3. El rito romano empleó una
fórmula distinta a la del resto de familias litúrgicas (“lo Santo para los
santos”) suscitando la humildad de todos antes de acercarse a recibir el Cuerpo
y la Sangre
del Señor. Dice el sacerdote: “Éste es el Cordero de Dios que quita el pecado
del mundo. Dichosos los invitados a la cena del Señor”, y todos a una con el
sacerdote, responden: “Señor, no soy digno de que entres en mi casa, pero una
palabra tuya bastará para sanarme”. Todo esto se realiza sosteniendo el
sacerdote un fragmento del Pan consagrado, ya fraccionado, sobre la patena o
sobre el cáliz (cf. IGMR 84) invitando “al banquete de Cristo” (ibid.)
Se
suscita de este modo humildad y un profundo espíritu de fe para acercarse
dignamente a la sagrada comunión: “pronuncia un acto de humildad, usando las
palabras evangélicas prescritas” (IGMR 84).
Lo
que recibimos en la comunión ni es algo ni es un símbolo de nada ni es una
construcción humana ni es un alimento común. Recibimos a Alguien, al mismo
Cristo Señor en el Sacramento: de ahí el rito de preparación, y por eso,
también, el cuidado al comulgar, la reverencia y la solemnidad de ese momento
–sin canalizaciones, ni saludos, ni conversaciones, ni distribuir la comunión
apresuradamente-:
“Lo que se nos entrega en la
comunión no es un trozo de cuerpo, no es una casa, sino Cristo mismo, el
Resucitado, la persona que se nos comunica en su amor que ha pasado por la
Cruz. Esto significa que comulgar es
siempre una relación personal. No es un simple rito comunitario, que podamos
despachar como cualquier otro asunto comunitario. En el acto de comulgar, soy
yo quien me presento ante el Señor, que se me comunica a mí. Por esta razón, la
comunión sacramental ha de ser siempre, al mismo tiempo, comunión espiritual.

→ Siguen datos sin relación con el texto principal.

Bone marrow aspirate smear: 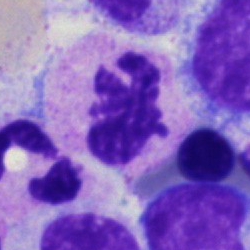
Morphology → polymorphonuclear neutrophil.

Por esta razón, antes de la comunión, la liturgia pasa del nosotros al yo. En
esos momentos soy yo quien es llamado en causa. Soy yo quien es invitado a
salir fuera de mí mismo, a ir a su encuentro, a llamarlo”[1].
4.
“Éste es el Cordero de Dios que quita el pecado del mundo”. Con estas palabras
del sacerdote se enlaza el rito anterior con la mostración del Pan ya partido y
la invitación a comulgar. Antes, durante la fracción, se ha cantado: “Cordero
de Dios…”, ahora se afirma y se muestra: “Éste es”, Éste, Jesucristo, y no
otro, es el Cordero de Dios, el único que quita el pecado del mundo y que ha
sido inmolado, fraccionado, partido en el rito eucarístico, para darnos vida.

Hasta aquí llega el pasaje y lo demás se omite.